Most production of harvestable animals in the upwelling areas is tertiary, but that in the divergences of the equatorial region is in the fourth level, the larger tuna-like fishes feeding on a level of small fish and macrozooplankton. In the eastern tropical Pacific and in the Marquesas divergence the production at the fourth level, may be estimated as 95 and 30 tons C.104/yr, or 1.6 and 0.5 tons wet weight/yr.
The tuna stocks are oceanic and the larvae are distributed all over the ocean. Hence the stocks need not depend upon the divergences of the coastal upwellings or the equatorial system to sustain themselves and it would be difficult to disentangle the contribution from the upwelling areas. However, the low oceanic catches of tuna are explained. A very rough estimate of the total production of tuna-like fishes in the world ocean would not be greater than perhaps 3-5 M tons in the equatorial region.

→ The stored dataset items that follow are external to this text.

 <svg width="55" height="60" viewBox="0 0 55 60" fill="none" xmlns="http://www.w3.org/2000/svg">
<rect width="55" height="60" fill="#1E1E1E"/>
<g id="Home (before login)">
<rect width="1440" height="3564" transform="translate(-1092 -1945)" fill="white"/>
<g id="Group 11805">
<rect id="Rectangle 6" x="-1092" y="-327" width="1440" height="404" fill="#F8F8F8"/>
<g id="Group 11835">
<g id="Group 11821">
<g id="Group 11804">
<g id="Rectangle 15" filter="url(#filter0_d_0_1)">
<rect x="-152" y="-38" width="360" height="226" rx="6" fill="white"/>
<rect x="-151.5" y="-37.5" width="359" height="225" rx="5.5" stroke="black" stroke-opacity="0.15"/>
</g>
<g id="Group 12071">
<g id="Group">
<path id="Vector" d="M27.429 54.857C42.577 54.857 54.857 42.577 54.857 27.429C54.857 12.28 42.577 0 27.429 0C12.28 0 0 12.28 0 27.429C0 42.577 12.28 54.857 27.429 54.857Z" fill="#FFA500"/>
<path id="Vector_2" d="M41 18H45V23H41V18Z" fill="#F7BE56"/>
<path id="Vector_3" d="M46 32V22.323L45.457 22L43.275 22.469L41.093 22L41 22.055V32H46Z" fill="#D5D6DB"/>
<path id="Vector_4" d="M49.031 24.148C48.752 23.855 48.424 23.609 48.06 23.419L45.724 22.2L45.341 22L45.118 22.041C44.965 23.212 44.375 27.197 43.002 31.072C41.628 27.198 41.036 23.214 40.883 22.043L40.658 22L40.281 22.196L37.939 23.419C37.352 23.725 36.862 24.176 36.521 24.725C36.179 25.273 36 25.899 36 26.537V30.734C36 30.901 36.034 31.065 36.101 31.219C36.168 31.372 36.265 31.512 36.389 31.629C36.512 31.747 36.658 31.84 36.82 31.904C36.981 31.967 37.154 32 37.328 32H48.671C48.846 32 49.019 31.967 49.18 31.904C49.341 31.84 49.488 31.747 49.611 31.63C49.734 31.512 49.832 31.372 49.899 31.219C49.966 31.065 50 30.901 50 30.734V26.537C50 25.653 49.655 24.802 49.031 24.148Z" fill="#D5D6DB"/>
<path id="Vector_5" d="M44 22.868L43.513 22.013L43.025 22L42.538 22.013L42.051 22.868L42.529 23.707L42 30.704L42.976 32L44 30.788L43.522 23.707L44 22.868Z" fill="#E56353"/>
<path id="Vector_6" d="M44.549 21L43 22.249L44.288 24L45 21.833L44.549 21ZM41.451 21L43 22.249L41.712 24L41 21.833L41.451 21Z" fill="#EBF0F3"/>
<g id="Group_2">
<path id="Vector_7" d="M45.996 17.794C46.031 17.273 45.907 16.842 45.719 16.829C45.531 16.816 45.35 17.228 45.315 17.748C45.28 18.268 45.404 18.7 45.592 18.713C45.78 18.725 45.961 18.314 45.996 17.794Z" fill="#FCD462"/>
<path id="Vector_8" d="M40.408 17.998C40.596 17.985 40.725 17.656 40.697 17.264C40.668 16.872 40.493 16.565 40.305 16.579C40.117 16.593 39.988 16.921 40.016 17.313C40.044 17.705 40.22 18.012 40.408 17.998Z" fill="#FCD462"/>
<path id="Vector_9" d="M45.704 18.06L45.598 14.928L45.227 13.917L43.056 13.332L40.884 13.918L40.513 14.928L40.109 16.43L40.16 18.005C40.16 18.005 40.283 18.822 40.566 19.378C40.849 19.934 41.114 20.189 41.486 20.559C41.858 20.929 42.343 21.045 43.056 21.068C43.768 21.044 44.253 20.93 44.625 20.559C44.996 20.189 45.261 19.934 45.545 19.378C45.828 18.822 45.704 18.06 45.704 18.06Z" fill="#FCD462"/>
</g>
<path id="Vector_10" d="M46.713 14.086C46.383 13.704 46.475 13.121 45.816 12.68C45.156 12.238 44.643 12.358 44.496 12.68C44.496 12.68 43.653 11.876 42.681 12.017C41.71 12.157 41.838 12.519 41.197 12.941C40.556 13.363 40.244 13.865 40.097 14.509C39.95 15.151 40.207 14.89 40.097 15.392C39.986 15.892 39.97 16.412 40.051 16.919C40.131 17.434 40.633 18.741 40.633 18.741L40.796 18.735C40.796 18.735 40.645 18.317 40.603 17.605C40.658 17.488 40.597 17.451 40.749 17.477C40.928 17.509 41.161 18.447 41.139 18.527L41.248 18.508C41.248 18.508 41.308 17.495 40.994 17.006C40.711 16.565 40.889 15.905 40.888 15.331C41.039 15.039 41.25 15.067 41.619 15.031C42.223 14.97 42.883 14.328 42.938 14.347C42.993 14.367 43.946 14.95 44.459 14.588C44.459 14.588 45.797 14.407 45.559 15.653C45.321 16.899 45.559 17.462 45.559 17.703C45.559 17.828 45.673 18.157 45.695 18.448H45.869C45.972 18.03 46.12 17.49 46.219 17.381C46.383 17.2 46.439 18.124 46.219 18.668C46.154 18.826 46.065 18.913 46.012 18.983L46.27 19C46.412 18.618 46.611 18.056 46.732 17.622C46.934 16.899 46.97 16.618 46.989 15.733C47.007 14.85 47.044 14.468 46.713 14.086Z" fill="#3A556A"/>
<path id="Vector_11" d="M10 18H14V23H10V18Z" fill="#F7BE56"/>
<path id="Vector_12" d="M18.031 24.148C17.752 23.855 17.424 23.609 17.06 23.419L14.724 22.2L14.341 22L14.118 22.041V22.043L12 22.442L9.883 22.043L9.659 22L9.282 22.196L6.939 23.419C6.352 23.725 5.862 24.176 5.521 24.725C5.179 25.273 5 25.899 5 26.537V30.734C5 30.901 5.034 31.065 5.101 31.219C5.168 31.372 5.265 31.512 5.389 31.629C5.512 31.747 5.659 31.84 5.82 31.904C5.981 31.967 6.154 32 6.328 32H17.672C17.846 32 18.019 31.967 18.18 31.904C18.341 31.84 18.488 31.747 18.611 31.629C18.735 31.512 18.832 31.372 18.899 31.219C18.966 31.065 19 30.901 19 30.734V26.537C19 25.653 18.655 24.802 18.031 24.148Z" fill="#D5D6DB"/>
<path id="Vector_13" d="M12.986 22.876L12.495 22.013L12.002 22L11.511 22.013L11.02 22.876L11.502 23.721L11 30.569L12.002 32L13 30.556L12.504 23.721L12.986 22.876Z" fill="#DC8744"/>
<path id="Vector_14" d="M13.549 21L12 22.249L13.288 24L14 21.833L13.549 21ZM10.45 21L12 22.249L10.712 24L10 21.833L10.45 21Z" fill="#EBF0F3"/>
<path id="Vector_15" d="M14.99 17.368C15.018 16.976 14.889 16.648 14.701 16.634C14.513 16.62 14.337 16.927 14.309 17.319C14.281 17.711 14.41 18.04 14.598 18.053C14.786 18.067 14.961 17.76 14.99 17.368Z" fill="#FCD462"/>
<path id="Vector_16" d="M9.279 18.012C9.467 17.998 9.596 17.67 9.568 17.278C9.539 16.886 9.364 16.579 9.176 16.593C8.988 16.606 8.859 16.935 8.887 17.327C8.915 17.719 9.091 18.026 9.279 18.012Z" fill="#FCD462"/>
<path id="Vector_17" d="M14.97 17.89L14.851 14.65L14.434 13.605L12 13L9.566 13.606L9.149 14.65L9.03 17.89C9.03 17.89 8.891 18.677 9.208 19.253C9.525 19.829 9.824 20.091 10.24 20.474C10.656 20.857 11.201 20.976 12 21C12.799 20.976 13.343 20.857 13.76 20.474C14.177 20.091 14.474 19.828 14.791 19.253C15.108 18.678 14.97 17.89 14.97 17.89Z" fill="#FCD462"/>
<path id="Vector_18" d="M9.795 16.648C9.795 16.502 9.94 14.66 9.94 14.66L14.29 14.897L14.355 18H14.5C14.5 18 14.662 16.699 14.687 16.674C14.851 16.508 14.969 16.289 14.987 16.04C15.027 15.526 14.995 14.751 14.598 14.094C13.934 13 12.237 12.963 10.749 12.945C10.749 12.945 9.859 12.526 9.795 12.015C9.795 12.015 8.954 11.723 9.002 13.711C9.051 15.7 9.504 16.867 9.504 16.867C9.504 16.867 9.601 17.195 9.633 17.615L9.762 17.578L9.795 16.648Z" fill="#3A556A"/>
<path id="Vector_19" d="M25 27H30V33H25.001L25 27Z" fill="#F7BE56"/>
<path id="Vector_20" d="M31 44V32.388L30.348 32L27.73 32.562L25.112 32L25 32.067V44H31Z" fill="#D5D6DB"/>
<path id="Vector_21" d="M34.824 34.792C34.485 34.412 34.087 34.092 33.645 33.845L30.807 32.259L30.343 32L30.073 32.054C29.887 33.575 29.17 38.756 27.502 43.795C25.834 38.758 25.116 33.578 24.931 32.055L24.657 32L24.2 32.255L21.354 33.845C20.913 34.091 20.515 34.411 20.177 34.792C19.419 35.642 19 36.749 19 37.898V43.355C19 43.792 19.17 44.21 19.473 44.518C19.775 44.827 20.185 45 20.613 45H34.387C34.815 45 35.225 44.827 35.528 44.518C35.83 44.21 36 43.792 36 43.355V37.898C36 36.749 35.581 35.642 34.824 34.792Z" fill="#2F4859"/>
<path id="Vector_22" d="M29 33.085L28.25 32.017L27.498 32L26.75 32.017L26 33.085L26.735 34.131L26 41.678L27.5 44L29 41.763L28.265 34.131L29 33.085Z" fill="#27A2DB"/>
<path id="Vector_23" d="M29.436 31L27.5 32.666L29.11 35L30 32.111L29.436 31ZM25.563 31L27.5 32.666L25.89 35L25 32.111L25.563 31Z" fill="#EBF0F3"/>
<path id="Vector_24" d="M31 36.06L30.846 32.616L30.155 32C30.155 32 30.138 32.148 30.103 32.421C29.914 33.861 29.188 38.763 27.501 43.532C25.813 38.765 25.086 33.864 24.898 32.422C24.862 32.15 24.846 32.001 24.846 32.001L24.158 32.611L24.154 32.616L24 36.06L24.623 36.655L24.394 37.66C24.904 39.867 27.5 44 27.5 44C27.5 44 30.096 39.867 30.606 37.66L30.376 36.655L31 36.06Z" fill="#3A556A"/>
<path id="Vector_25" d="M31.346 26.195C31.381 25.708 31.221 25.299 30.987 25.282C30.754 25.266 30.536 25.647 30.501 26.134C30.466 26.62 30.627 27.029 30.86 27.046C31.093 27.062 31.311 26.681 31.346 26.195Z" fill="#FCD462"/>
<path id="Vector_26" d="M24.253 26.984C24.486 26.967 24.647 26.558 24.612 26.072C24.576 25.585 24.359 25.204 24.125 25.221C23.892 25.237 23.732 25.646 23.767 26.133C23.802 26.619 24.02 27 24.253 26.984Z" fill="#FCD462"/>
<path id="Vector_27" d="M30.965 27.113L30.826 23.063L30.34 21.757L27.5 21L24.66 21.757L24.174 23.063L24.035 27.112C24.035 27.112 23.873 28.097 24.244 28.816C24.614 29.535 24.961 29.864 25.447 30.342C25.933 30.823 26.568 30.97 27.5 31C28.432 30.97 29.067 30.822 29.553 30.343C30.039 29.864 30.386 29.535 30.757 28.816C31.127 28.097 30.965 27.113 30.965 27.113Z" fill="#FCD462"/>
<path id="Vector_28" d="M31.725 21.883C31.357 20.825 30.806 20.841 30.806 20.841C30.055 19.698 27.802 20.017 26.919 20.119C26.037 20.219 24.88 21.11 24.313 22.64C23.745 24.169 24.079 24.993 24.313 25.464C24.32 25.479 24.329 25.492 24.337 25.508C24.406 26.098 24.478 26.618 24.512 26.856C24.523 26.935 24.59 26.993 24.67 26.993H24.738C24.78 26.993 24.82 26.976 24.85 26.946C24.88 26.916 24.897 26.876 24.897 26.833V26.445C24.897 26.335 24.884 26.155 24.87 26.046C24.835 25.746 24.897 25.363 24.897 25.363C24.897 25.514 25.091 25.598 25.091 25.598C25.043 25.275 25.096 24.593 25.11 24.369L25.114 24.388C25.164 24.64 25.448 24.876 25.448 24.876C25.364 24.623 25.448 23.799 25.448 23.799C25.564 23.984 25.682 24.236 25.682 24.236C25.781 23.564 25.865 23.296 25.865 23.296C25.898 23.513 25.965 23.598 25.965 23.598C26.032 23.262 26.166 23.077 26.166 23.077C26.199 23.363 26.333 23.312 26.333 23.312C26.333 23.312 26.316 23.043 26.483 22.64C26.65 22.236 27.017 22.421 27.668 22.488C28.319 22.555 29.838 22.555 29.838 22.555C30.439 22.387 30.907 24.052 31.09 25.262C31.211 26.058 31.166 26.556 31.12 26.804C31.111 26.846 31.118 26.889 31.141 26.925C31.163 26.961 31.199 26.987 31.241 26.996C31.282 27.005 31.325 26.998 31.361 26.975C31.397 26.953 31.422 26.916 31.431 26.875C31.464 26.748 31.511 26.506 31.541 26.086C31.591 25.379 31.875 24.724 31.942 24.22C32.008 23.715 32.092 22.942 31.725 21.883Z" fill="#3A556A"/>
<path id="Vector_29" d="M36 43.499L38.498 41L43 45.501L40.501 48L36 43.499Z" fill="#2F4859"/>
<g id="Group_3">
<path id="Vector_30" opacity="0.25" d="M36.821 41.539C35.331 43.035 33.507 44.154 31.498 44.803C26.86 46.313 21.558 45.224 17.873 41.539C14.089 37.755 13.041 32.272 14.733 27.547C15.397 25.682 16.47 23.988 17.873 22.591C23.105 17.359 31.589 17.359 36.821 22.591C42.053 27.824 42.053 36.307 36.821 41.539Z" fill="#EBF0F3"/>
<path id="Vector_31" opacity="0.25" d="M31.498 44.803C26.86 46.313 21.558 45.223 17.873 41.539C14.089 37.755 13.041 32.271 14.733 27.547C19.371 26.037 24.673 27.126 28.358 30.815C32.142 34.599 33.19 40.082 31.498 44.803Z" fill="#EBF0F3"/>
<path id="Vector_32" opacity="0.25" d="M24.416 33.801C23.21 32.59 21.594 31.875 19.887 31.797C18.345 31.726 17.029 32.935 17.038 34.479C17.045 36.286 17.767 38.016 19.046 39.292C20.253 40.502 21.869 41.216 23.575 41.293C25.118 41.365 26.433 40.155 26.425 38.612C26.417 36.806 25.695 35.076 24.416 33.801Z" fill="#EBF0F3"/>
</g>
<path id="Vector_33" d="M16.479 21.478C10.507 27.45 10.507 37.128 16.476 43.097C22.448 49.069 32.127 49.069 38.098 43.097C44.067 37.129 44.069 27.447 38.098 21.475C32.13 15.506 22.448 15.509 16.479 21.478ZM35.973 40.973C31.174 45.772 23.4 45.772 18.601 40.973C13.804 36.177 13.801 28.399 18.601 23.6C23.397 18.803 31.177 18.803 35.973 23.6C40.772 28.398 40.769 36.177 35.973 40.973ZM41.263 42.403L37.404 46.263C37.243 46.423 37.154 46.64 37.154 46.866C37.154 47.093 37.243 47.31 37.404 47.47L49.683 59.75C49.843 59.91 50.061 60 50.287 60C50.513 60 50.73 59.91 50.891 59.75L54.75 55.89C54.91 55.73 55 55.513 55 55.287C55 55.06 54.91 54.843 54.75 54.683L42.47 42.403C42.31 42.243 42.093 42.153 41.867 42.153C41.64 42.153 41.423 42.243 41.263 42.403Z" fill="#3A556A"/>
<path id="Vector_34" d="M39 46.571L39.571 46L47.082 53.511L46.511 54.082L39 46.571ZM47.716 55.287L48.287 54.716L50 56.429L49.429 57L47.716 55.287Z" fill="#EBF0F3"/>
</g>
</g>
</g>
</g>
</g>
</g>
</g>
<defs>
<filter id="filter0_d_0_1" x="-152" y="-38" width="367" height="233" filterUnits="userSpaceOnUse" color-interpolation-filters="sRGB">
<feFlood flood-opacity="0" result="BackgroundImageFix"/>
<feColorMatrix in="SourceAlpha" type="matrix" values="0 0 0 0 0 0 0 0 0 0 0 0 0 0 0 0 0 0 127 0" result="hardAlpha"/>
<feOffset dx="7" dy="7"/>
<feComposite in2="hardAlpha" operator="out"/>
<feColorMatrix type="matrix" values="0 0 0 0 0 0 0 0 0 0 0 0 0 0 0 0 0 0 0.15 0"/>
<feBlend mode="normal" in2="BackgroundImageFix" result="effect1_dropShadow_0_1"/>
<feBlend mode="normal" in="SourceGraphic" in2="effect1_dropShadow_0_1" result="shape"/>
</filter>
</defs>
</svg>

Columns S1 and S2 of Table I give the wet weights of tertiary stocks in M tons/year. It will be seen that the major areas are those in the Peru and Benguela Currents (about 20-30 M tons). The medium areas are California, Chile and southwest Arabia (5-10 M tons). The rest are small ones (1-5 M tons). Gulland (1968) has suggested that the total annual deaths (equal to total annual production) of the anchoveta stock off Peru is 18-20 M tons. As there is now only one year-class in the stock (and most of our carbon and zooplankton observations were taken during the period of exploitation), the correspondence between Gulland's estimate and this one is quite good.
Taking all upwelling areas, the production of fish and squid may be as much as 120-130 M tons. If we suppose that one third to one half can be taken by fishing, then a potential catch of 40-60 M tons is available. As some of this catch (ca 15 M tons) is already being taken, perhaps we may guess that a further 25-50 M tons of fish and squid can be taken from the upwelling areas.